Laser Melting Effects on Microstructure and Corrosion Behavior of Plasma Electrolytic Oxidation Nanocomposite Coatings on Pure Titanium

Abstract

In this study, pure titanium was treated using hybrid techniques of plasma electrolytic oxidation (PEO) in phosphate-based electrolyte including alumina nanoparticles and laser surface treatment (LST) process. The aim is to control laser parameters, such that heat input is adjusted to only melt PEO coating and to preserve the interface between the coating and substrate in order to create a dense layer across the thickness of PEO coating. To accomplish this purpose, after the PEO process, surface of samples was exposed to LST by an 80W pulsed laser using the voltage of 230V with the pulse durations of 4, 6 and 8ms.
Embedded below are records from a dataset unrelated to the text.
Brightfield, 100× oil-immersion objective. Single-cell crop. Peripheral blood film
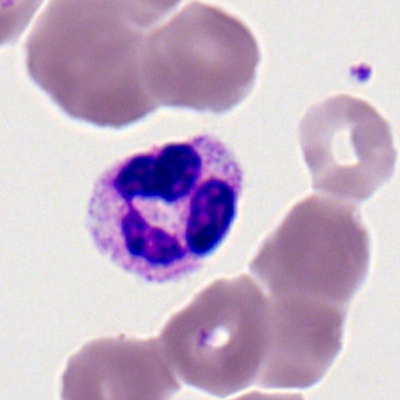Classification: segmented neutrophil.
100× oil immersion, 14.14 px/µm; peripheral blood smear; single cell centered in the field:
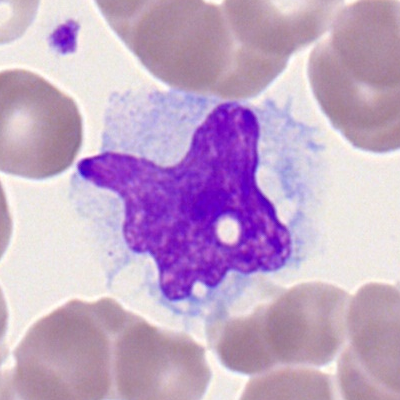 A monocyte.
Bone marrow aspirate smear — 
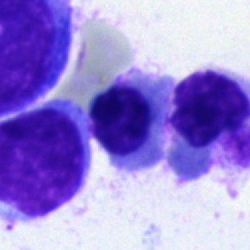
{"cell_type": "normoblast"}
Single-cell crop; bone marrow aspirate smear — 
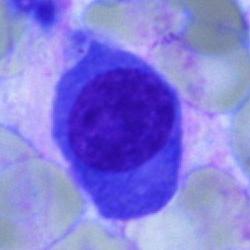The cell type is plasmacyte.
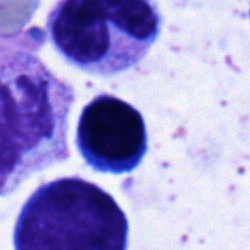
Q: Which cell type is shown here?
A: A band-form neutrophil.
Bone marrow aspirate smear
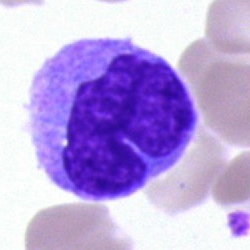Specimen: bone marrow aspirate smear.
Classification: monocyte.
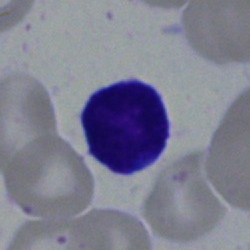
The cell type is typical lymphocyte.
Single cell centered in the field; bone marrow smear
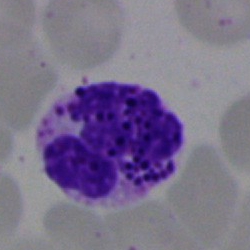 {"cell_type": "basophil", "lineage": "myeloid"}
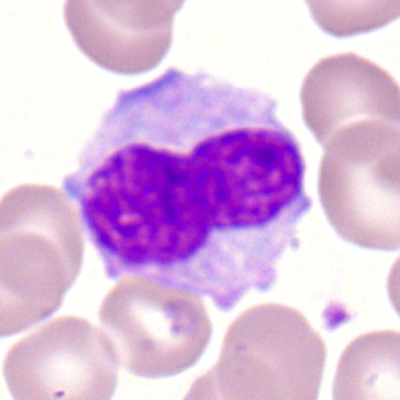 A monocyte.
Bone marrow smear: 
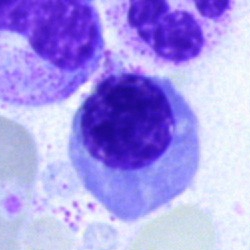

Classification: normoblast.
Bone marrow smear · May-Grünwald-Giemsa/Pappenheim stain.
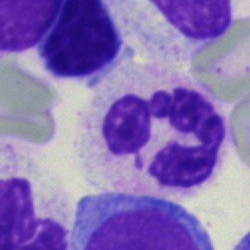

Single cell identified as a segmented neutrophil.
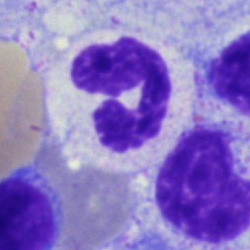
Q: What type of cell is this?
A: It is a polymorphonuclear neutrophil.
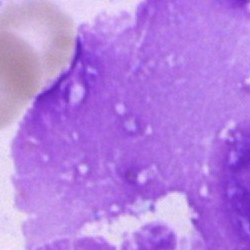

Cell = artifact.
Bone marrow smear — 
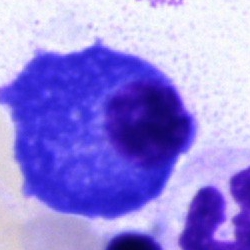 Cell type = plasma cell.
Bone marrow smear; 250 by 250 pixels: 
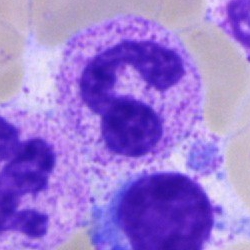

A polymorphonuclear neutrophil.
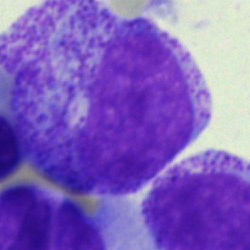

Morphological class = progranulocyte.
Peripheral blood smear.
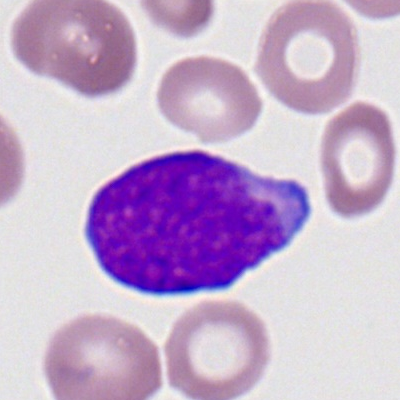Specimen: peripheral blood smear.
Cell: myeloblast.
Lineage: myeloid.

X-ray diffraction was used to study the composition of phases and Scanning Electron Microscope (SEM) was used to study the morphology and porosity of surface and cross-sectional area and also the distribution of elements in both coating and substrate. The corrosion behaviour of coatings was examined by cyclic potentiodynamic polarization test. Results showed that in all samples, in the range of selected laser parameters, the interface between coating and substrate remains after the LST. The density of porosity on surface and cross-sectional area is reduced by about 75% in hybrid coatings of laser treated PEO (L-PEO) compared to PEO coatings. By an increase in pulse duration, deep cracks appear and transport electrolytes to substrates; therefore, the corrosion resistance of coatings are decreased.